What has happened over the past nine years proves that the numbers of centrifuges or the enrichment capacity are not the main challenges to a theoretical military "breakout" of Iran’s civilian nuclear program. IAEA’s frequent inspections can completely eliminate the possibility of a breakout and indeed, since the formation of IAEA, not a single breakout has been recorded among NPT member states. North Korea, which opted out of the NPT, and Pakistan and India, which never joined, did not access nuclear weapons through increasing their enrichment capacity under the supervision of IAEA. Therefore, such a suspicion cannot be raised regarding Iran’s civilian program.
A year after the commencement of talks between P5+1 (China, France, Germany, Russia, the United Kingdom and the United States) and President Rouhani’s administration, Iran has clearly expressed readiness to address the West’s concerns; and in the Geneva agreement, the West has shown that the centrifuges taboo is now broken and that they have grudgingly accepted Iran’s right to uranium enrichment. Iranian officials have stated that Iran needs 190,000 separative work unit (SWU) centrifuges to create the capacity for future development, but according to the head of Iran’s Atomic Energy Organization, Ali Akbar Salehi, this level has not been reached yet. Salehi has said that Iran is prepared to keep capacity at the current level for eight years.
Iran currently has 19,000 centrifuges, only 9,000 of which are fully utilized in enrichment activities. The United States insists on only 5,000 centrifuges for the next 20 years. At this point, the controversy is over 4,000 centrifuges and the period of implementation of any agreement. This is where the parties believe the main disagreement lies. Other controversial topics are the future of the Arak heavy water reactor and suspension of US-imposed sanctions against Iran. Having proposed a solution for Arak, Iran is directing that issue toward full resolution. However, lifting the sanctions is not in the hands of the Obama government.

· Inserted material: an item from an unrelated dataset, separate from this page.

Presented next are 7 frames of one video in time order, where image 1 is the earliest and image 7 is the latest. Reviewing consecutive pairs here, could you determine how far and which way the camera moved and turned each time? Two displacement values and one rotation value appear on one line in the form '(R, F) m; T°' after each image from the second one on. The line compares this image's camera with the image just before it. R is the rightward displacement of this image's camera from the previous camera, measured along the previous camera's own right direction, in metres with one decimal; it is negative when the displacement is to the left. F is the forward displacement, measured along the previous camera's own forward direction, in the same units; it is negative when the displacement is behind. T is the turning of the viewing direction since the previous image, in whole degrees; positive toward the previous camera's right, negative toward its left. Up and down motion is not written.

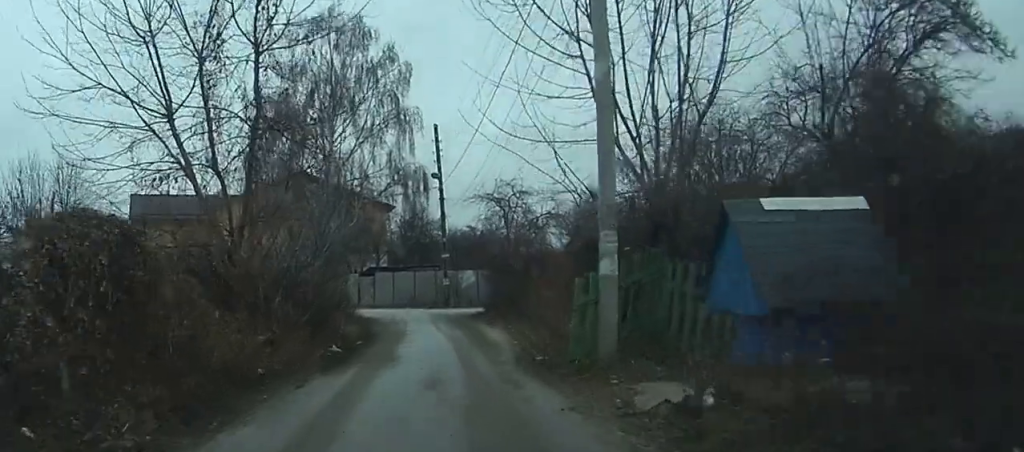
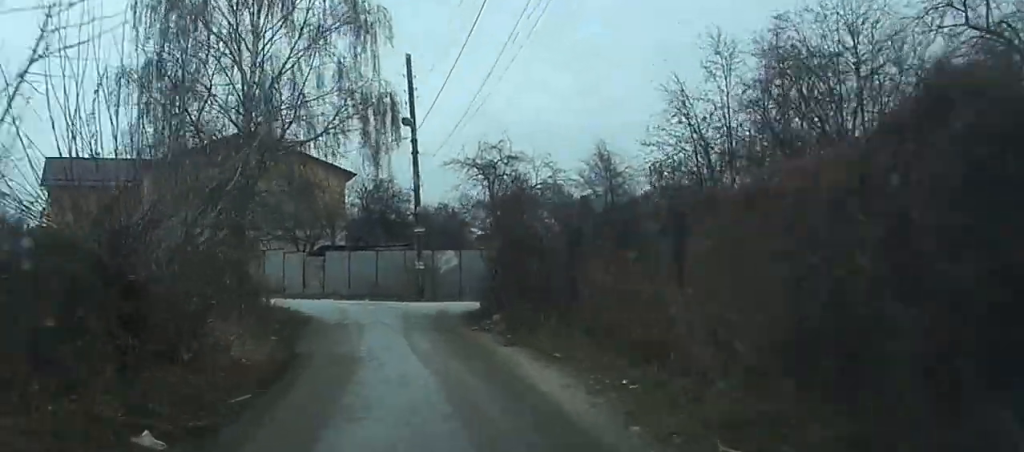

Giving so much weight to the number of centrifuges or enrichment capacity, neither of which is a guarantee to abide by the NPT, at this critical stage of negotiations can only lead to the failure of the talks, as was the case back in 2005. Even more so, because there is no evidence to suggest that Iran has deviated from the treaty and its additional protocols over the past 10 years.
The parties to the current talks should work on a solution around improving the IAEA’s controlling power through the safeguard agreement instead of centrifuge numbers. This would address Iran’s sovereignty concerns and the West’s concerns over enrichment, thus preventing the talks from going down the same path as the Paris Agreement nine years ago.
The IAEA’s comprehensive inspection regime has proven effective in countries such as Brazil, Argentina and Japan, which are already enriching uranium at industrial levels. There is no reason it should not work in the case of Iran. As talks reach a critical point, it is only fair to advise the negotiating parties to beware of the “centrifuges.” They once prevented the sides from reaching what seemed to be an almost-certain agreement.